Les _Relations_ des Jésuites de 1665 racontent ainsi le supplice de M.
de Brigeac: "Il fut brûlé toute la nuit depuis les pieds jusqu'à la
ceinture, et le lendemain on continua encore à le brûler, après lui
avoir cassé les doigts. Durant cette sanglante et cruelle exécution, il
ne cessa jamais de prier Dieu pour la conversion de ces barbares offrant
pour eux toutes les douleurs qu'ils lui faisaient endurer, faisant à
Dieu cette prière: _Mon Dieu, convertissez-les_, et répétant toujours
ces paroles sans pousser un seul cri de plainte, quelque affreuses que
furent ses tortures."

Ce courage à supporter les supplices les plus cruels, cette sollicitude
et cette compassion pour les bourreaux étonnent moins quand on réfléchit
à la pureté de la vie de ce gentilhomme, et au dessein qui l'avait fait
venir à Villemarie pour offrir sa vie à Dieu en assistant les habitants
d'une ville si exposée aux coups des sauvages.



V

M. VIGNAL JUGÉ PAR SES CONTEMPORAINS.

La mort de M. Vignal, arrivant si peu de temps après celle de M. Le
Maître, plongea dans la douleur la plus profonde tous les colons. Ce
digne prêtre, si remarquable par sa charité, son humilité, son esprit de
pénitence et son zèle d'apôtre, avait, quoique arrivé depuis deux ans
seulement à Villemarie, conquis l'estime et l'affection de tous. On
attendait beaucoup de lui, Dieu ne lui laissa pas le temps de produire
tous ses fruits.

Les contemporains ont rendu à ses vertus les plus éclatants témoignages.

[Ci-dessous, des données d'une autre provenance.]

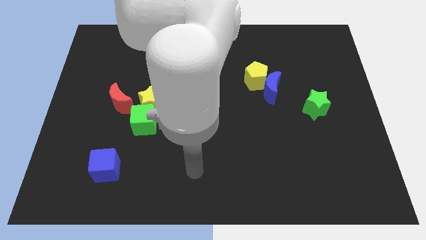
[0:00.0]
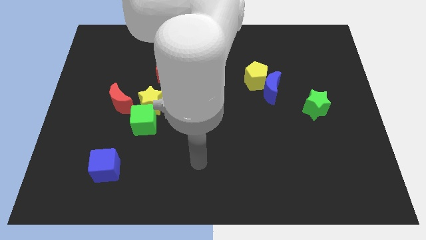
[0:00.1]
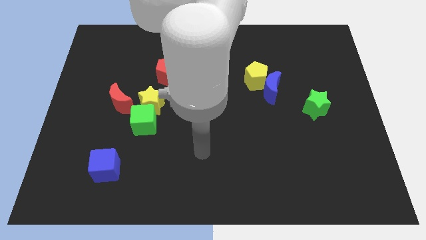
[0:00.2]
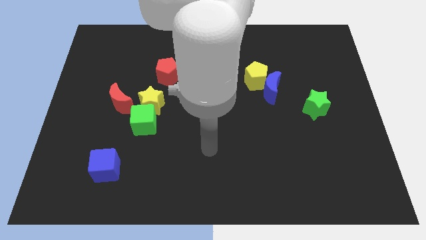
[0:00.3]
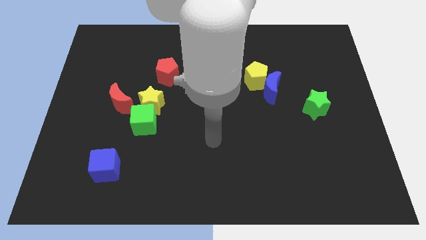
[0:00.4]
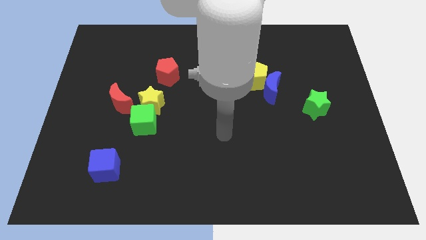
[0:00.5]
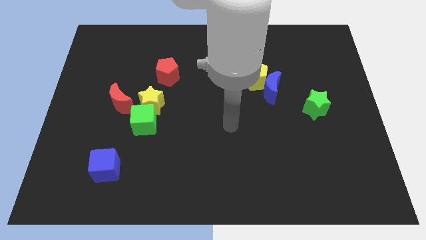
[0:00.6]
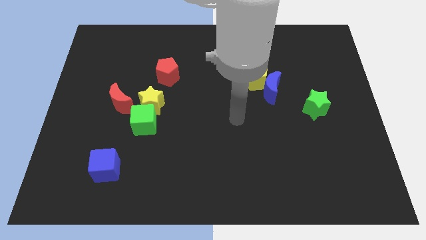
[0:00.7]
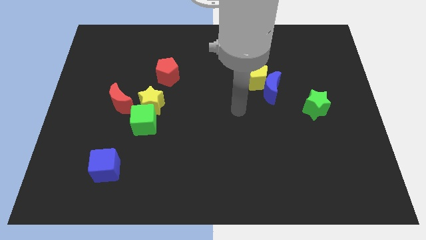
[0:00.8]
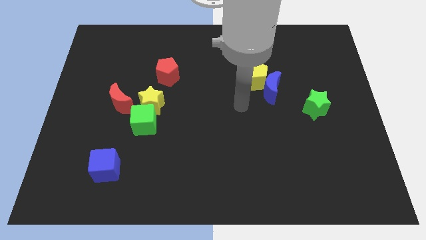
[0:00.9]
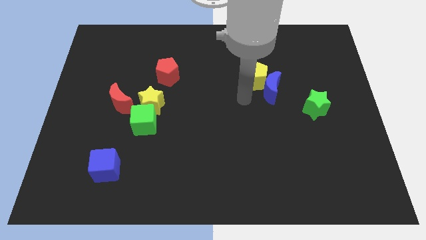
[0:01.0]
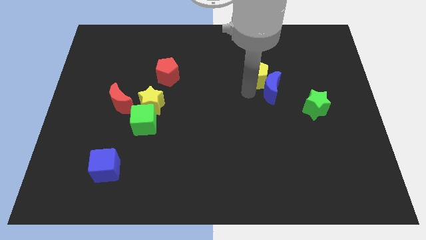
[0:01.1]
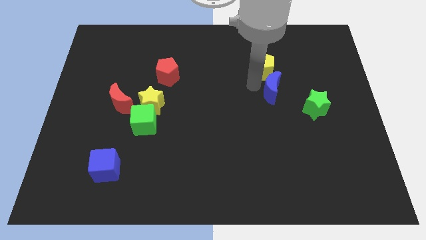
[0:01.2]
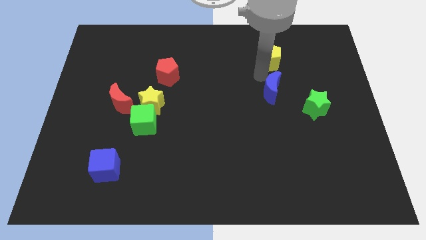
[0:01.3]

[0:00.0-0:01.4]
pull the blue moon apart from the yellow pentagon

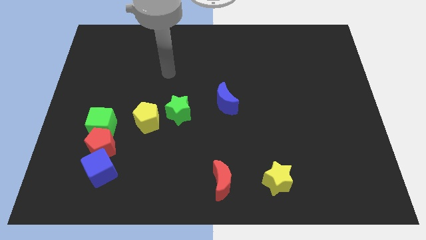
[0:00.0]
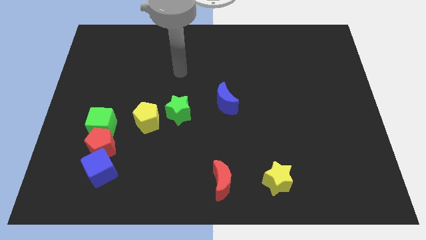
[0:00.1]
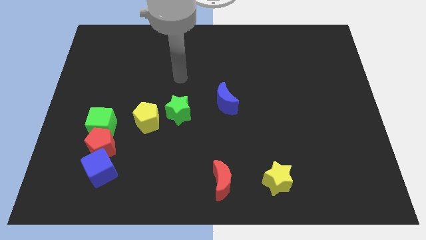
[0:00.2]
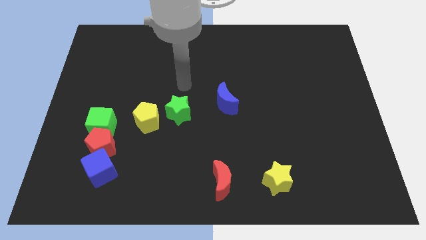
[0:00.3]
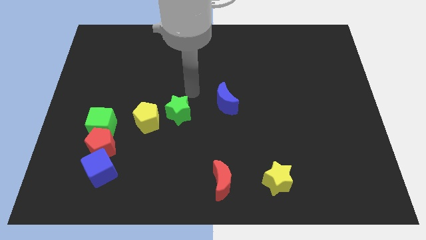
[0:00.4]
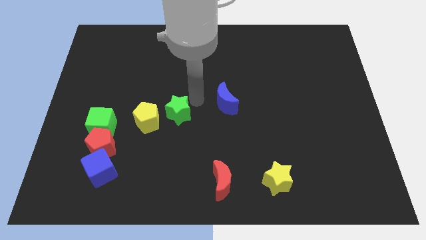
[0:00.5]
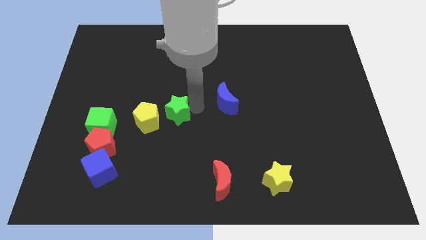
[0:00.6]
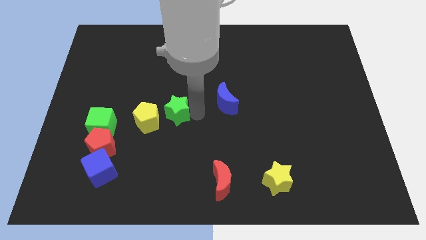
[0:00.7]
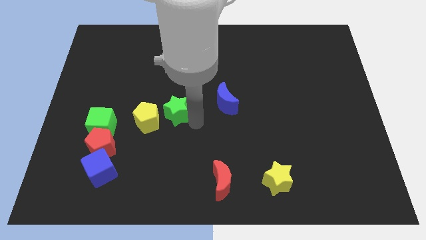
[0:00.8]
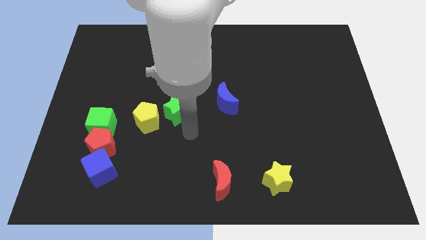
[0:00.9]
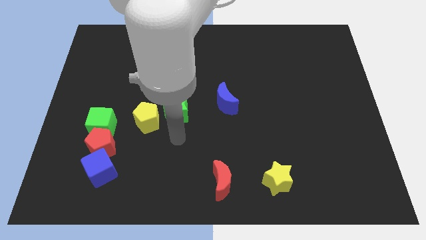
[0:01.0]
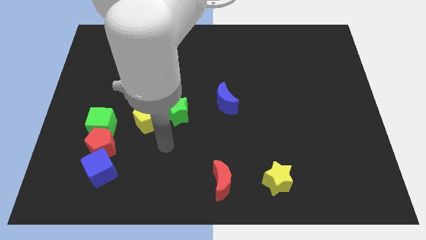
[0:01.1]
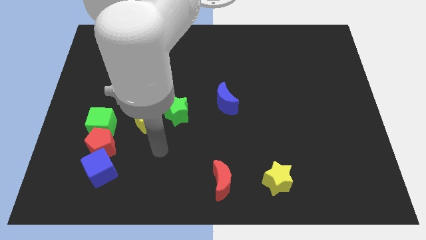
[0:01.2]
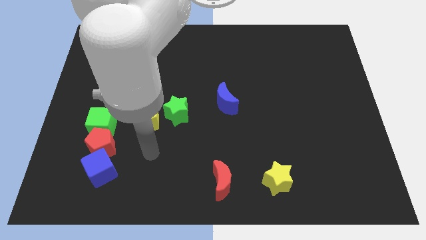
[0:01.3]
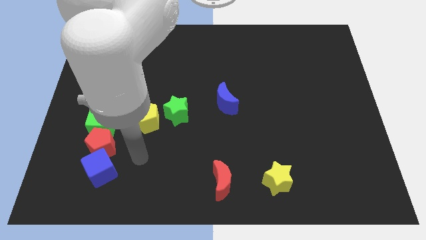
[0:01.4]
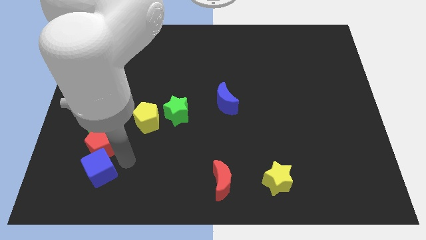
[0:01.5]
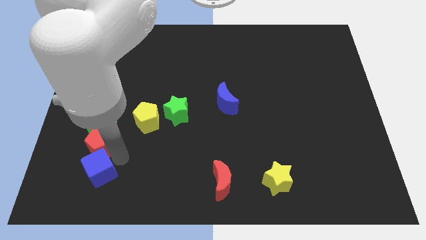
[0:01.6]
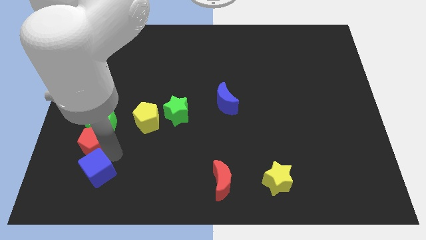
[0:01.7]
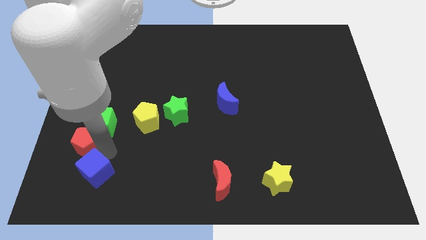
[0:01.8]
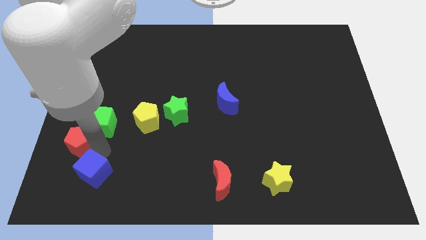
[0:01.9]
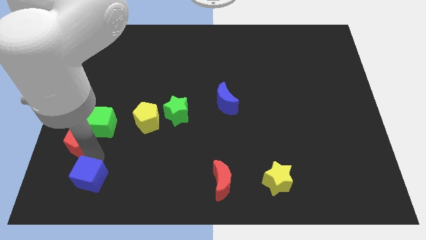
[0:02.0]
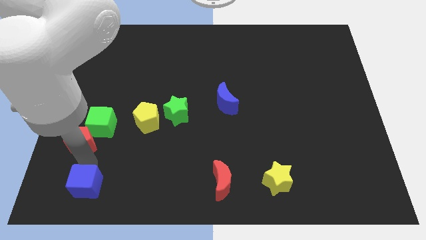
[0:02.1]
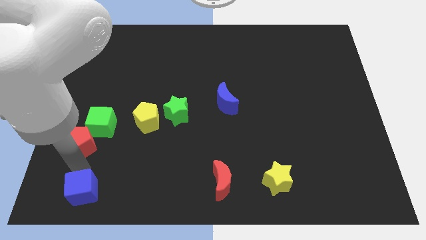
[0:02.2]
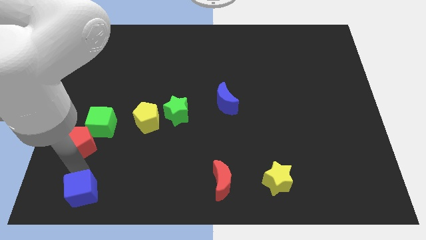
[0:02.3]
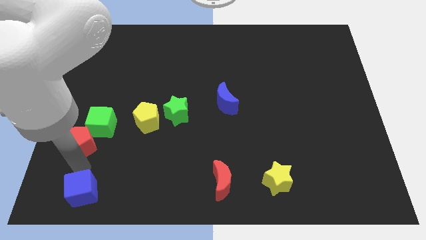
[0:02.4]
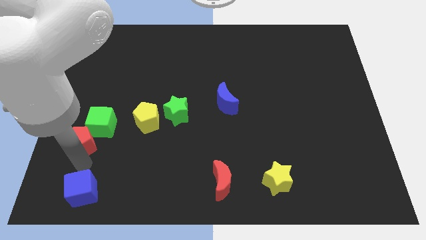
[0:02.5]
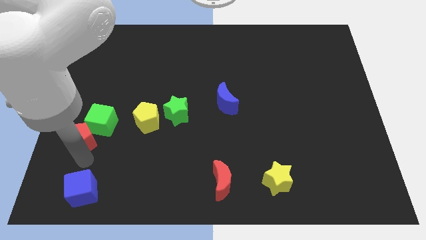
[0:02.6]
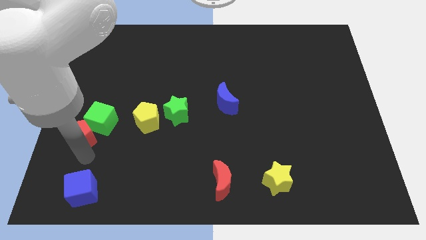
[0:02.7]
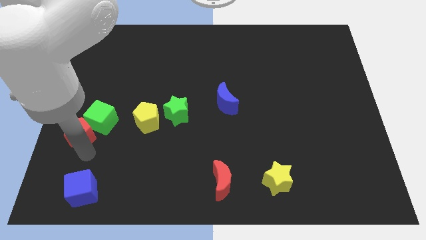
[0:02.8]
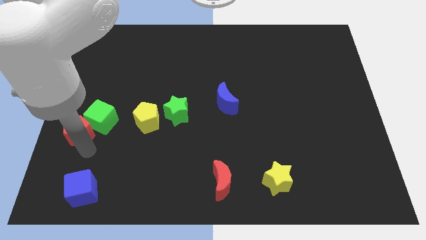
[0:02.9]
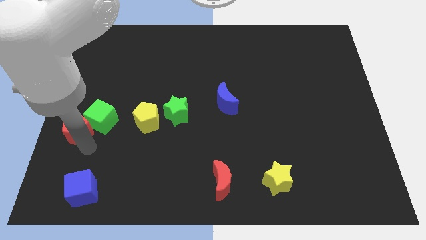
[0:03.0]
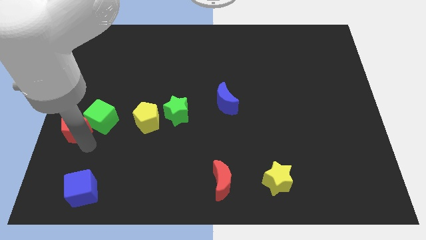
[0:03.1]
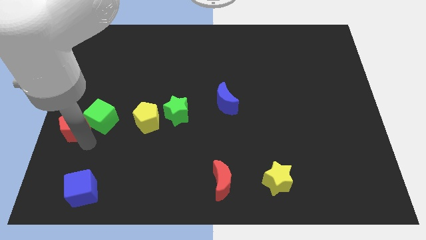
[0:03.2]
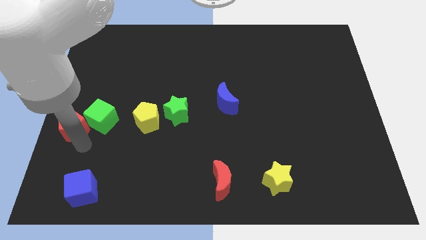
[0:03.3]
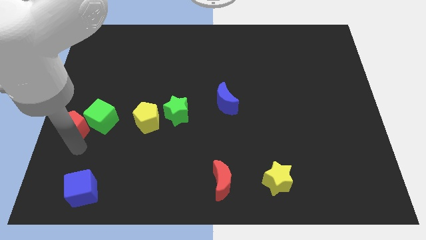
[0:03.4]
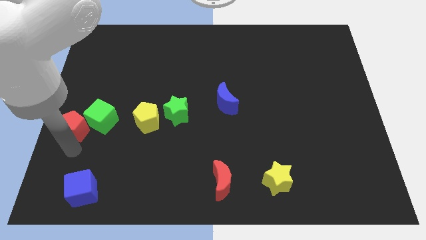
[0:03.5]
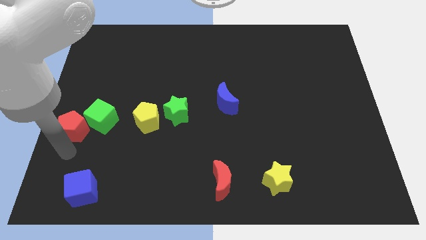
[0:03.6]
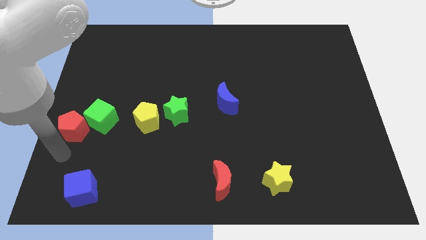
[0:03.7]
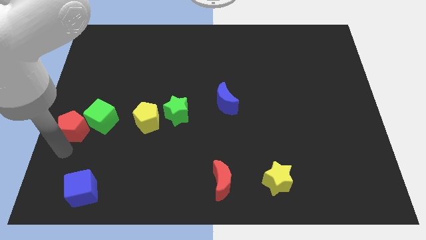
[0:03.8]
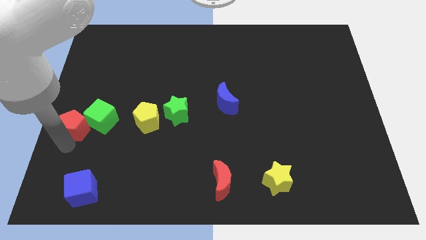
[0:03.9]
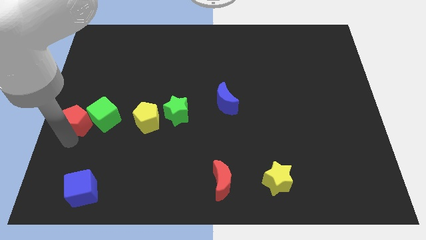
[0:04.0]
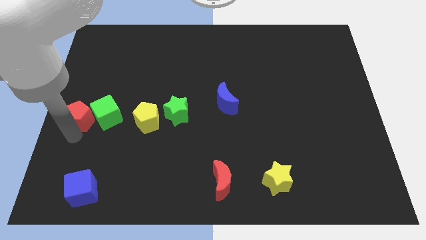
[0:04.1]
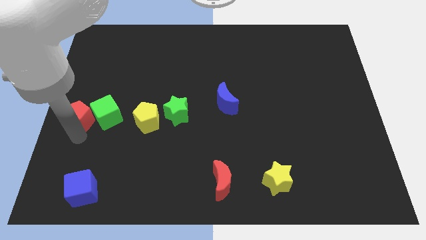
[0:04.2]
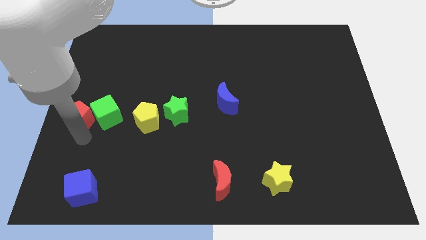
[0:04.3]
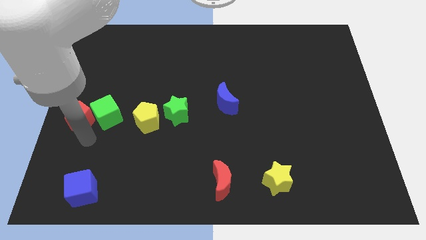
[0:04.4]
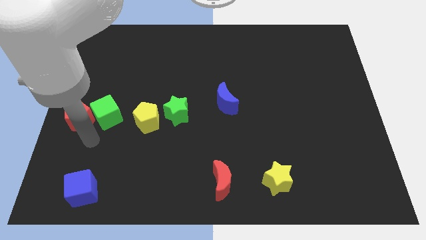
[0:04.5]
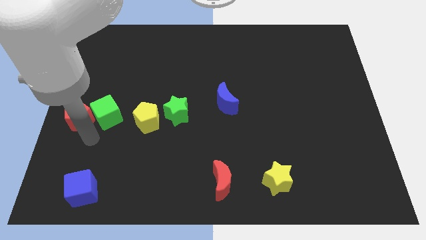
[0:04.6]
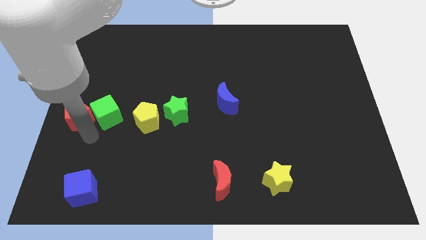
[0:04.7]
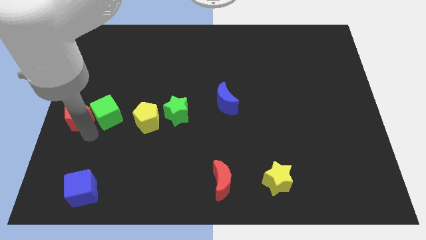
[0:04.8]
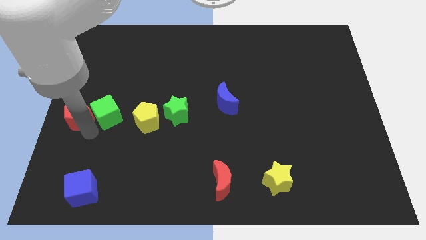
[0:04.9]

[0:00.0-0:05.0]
pull the red pentagon apart from the green cube and blue cube

"La vie de M. Vignal, lit-on dans la _Relation_ des Jésuites de 1662,
était d'une très douce odeur à tous les Français par la pratique de
l'humilité, de la charité, de la pénitence, vertus qui étaient rares en
lui et qui le rendaient aimable à tout le monde; et sa mort a été bien
précieuse aux yeux de Dieu, puisqu'il l'a reçue de la main de ceux
pour lesquels il a souvent voulu donner sa vie; il avait des grandes
tendresses pour leur salut, il s'est offert plusieurs fois de nous venir
joindre quand nous étions à Onnontaghé, afin de travailler ensemble à
la conversion de ces barbares. Il l'aurait fait si sa complexion et ses
forces eussent correspondu à son courage."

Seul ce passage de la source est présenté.